Teams from universities and high schools across the globe competed in the inaugural RobotArt competition, building 16 robots capable of independently creating paintings on canvas.
“My goal for the first year was just to show that there was interest in the competition, so my expectations were low,” said Andrew Conru, Founder of RobotArt. “I was really surprised, however, by the diversity of the submissions as well as the quality of many.”
Team TAIDA from National Taiwan University took home the grand prize of $30,000 with their Robot Artist, which was, according to their contest submission, “Inspired by human artists’ painting behavior.”
The robot combines the artistic technique of underpainting with non-photorealistic rendering (NPR) technology and a seven-degrees of freedom (DoF) robot arm to mimic a given image. An external camera attached at its three-finger gripper, and it receives visual feedback. This allows the robot to view and analyze the painting throughout the process, just like a human painter would.
“In order to make the robot paint more aesthetically, we consulted a Taiwanese professional artist, Chin-Yi Zhong, for some unbiased advice of the aesthetics and painting methodology,” shared Team TAIDA.

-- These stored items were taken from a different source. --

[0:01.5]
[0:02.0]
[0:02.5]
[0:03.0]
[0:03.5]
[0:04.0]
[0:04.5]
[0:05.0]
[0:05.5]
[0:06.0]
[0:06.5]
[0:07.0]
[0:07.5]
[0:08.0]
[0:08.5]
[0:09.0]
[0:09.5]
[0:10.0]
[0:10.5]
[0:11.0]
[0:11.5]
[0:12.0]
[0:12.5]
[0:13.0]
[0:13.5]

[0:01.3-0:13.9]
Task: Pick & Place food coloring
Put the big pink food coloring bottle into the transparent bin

Amateur artists don’t need to be able to build a robot to get creative with AI; they can just download Pikazo.
The app, which is described as “a collaboration between human, machine and our concept of art,” takes any image and re-imagines it in a chosen style. For example, a user could combine a selfie with one of the app’s Picasso styles.

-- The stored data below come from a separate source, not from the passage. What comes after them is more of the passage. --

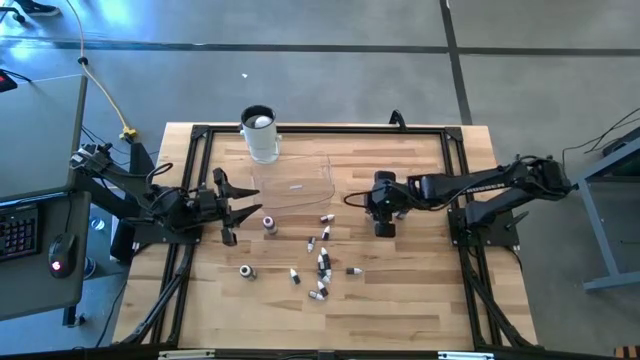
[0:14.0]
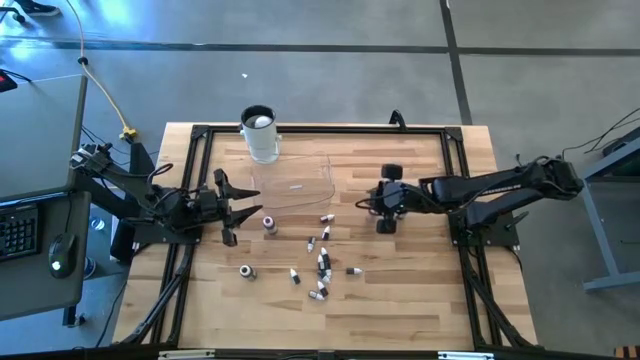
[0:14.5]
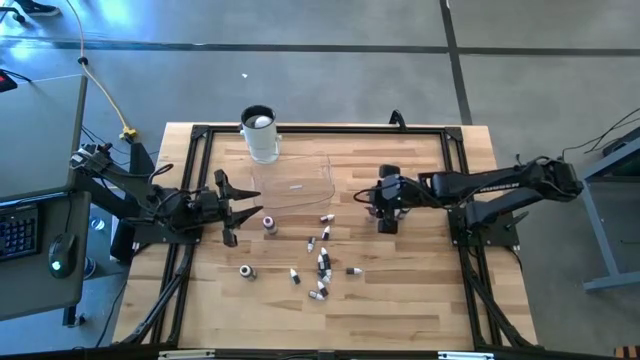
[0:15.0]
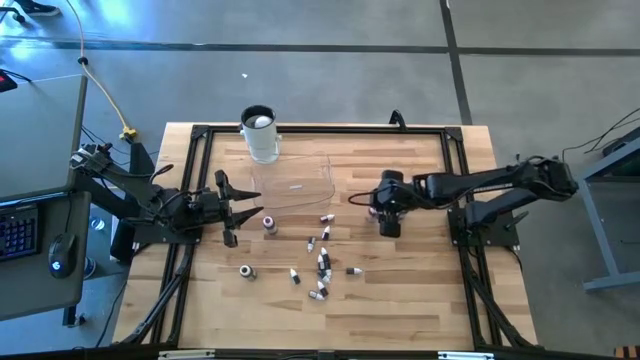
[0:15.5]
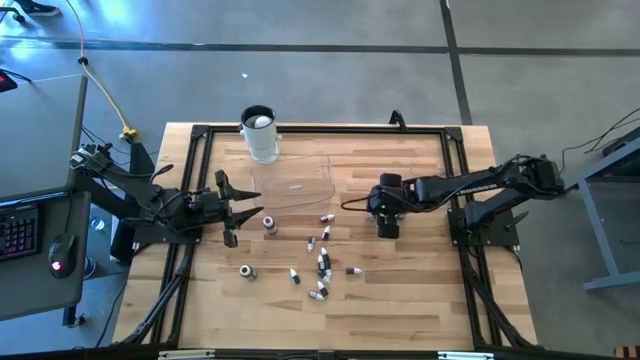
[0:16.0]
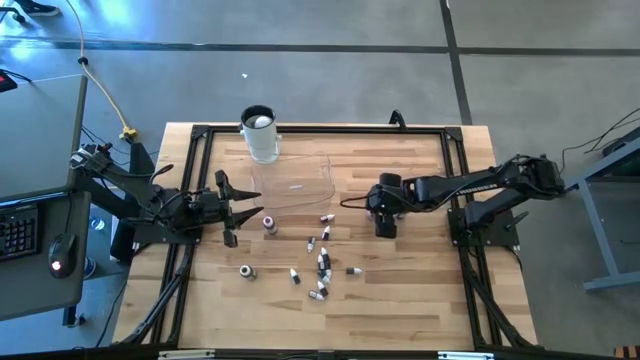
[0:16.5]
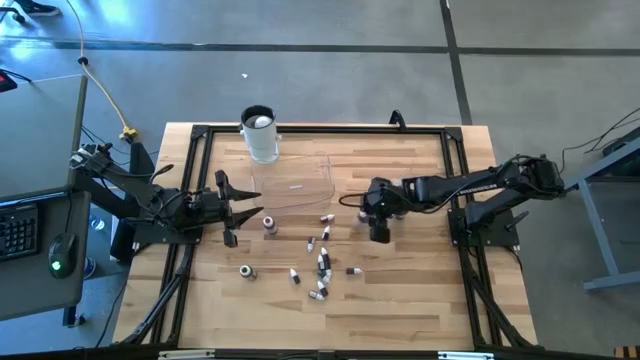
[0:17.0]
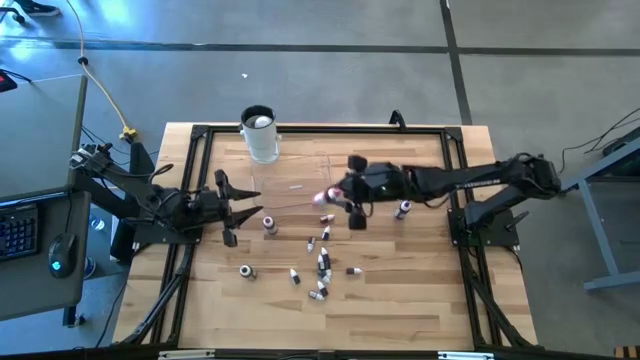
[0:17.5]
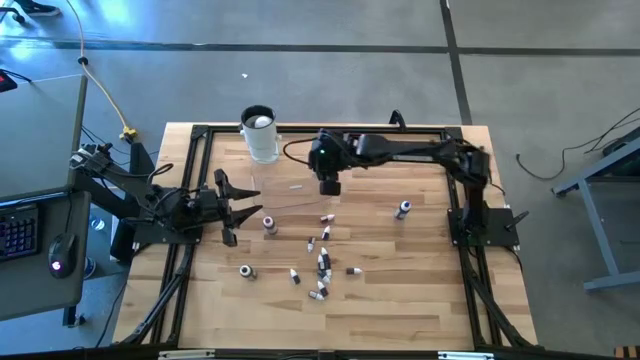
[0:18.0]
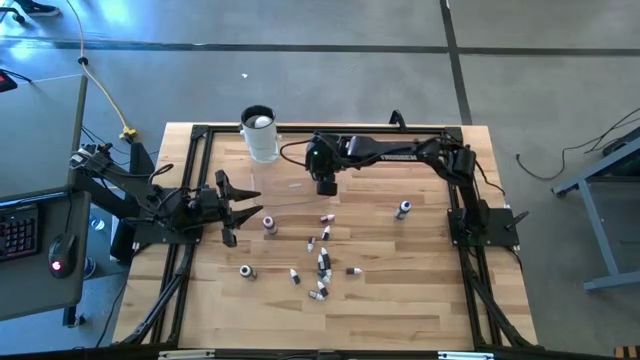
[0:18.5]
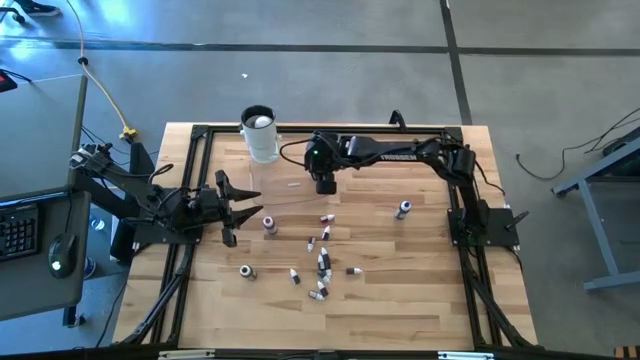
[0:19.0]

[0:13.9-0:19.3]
Put the big pink food coloring bottle into the transparent bin

Pikazo is far from just a filter app, though. It actually analyzes an image for general content (facial features, background objects) before taking in the smaller stylistic details.
“It’s a non-traditional application of neural networks where the network is used to ‘hallucinate’ a desirable image,” said Stiefvater, explaining that “desirable” is a quality that’s determined by the network based on the content it analyzes.

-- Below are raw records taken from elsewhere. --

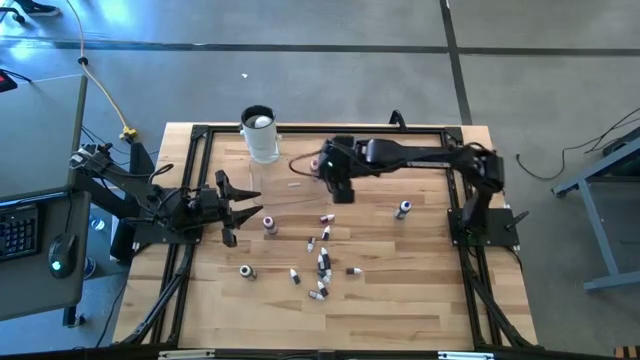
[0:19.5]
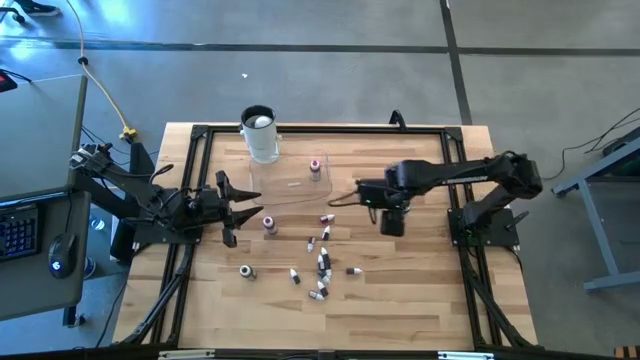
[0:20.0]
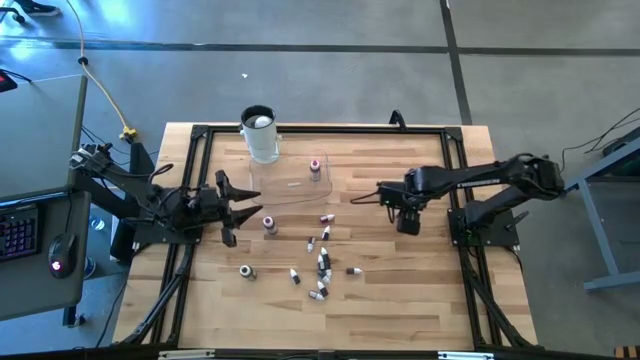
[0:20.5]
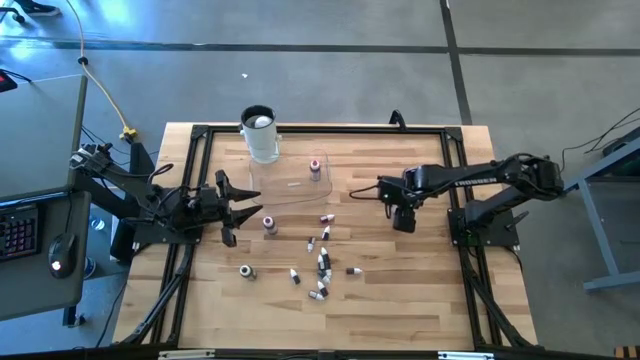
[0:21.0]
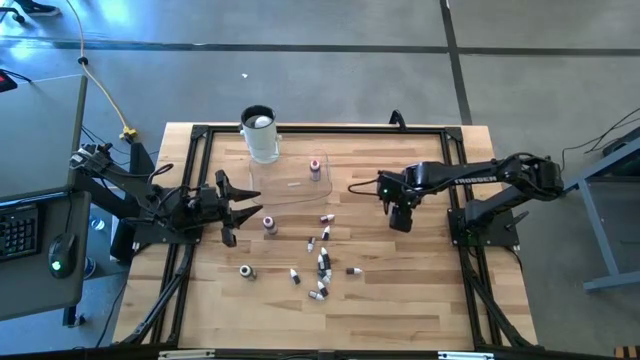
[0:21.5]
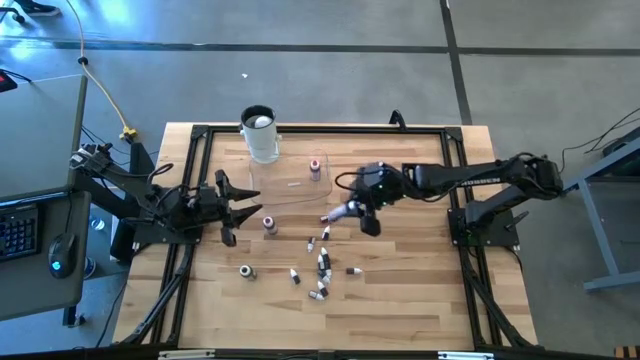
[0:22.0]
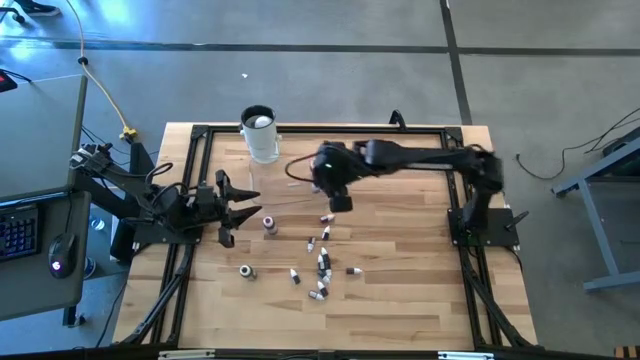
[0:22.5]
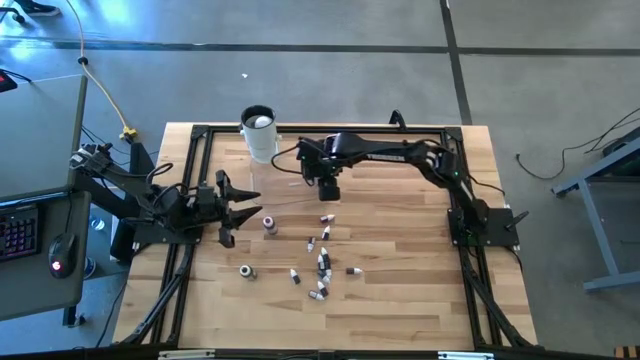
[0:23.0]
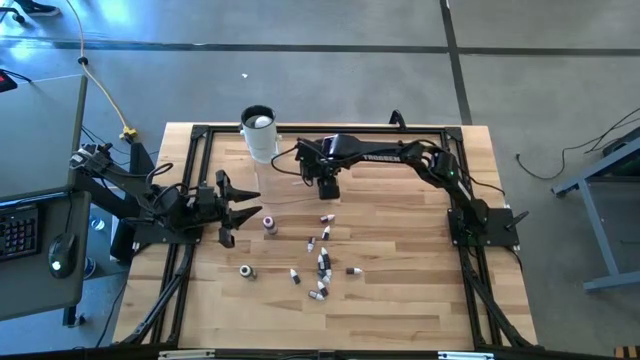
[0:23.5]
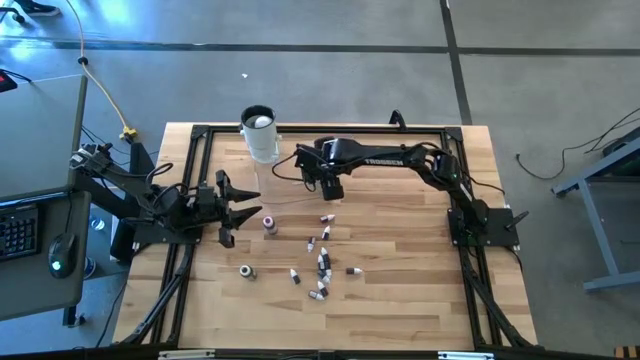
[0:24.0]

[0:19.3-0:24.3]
Put the big blue food coloring bottle into the transparent bin

The app then uses this information to decide how to apply a style, paying attention to the relationships between the various elements.
Pikazo CEO Noah Rosenberg said in an interview with The Creators Project that this phenomenon is called “training the network.”
“I think of it like the pins in a Plinko machine,” he said. “The subject image pixels go through this maze and bounce around and hopefully fall into buckets that match the style image details.”
While these AI-focused projects can be helpful tools for artists to use to explore their creativity, it begs the question: Will the next “Mona Lisa” be created independently by an artist or powered by ones and zeros?
“I believe that our future artistic masterpieces will be created by using advanced – possibly artificially intelligent – software tools,” said Steifvater, noting that creatives have long used tools to further their work.
“But I don’t think that’s much different than painters today using paints manufactured at a factory instead of mixing their own recipes as they did in the Renaissance.”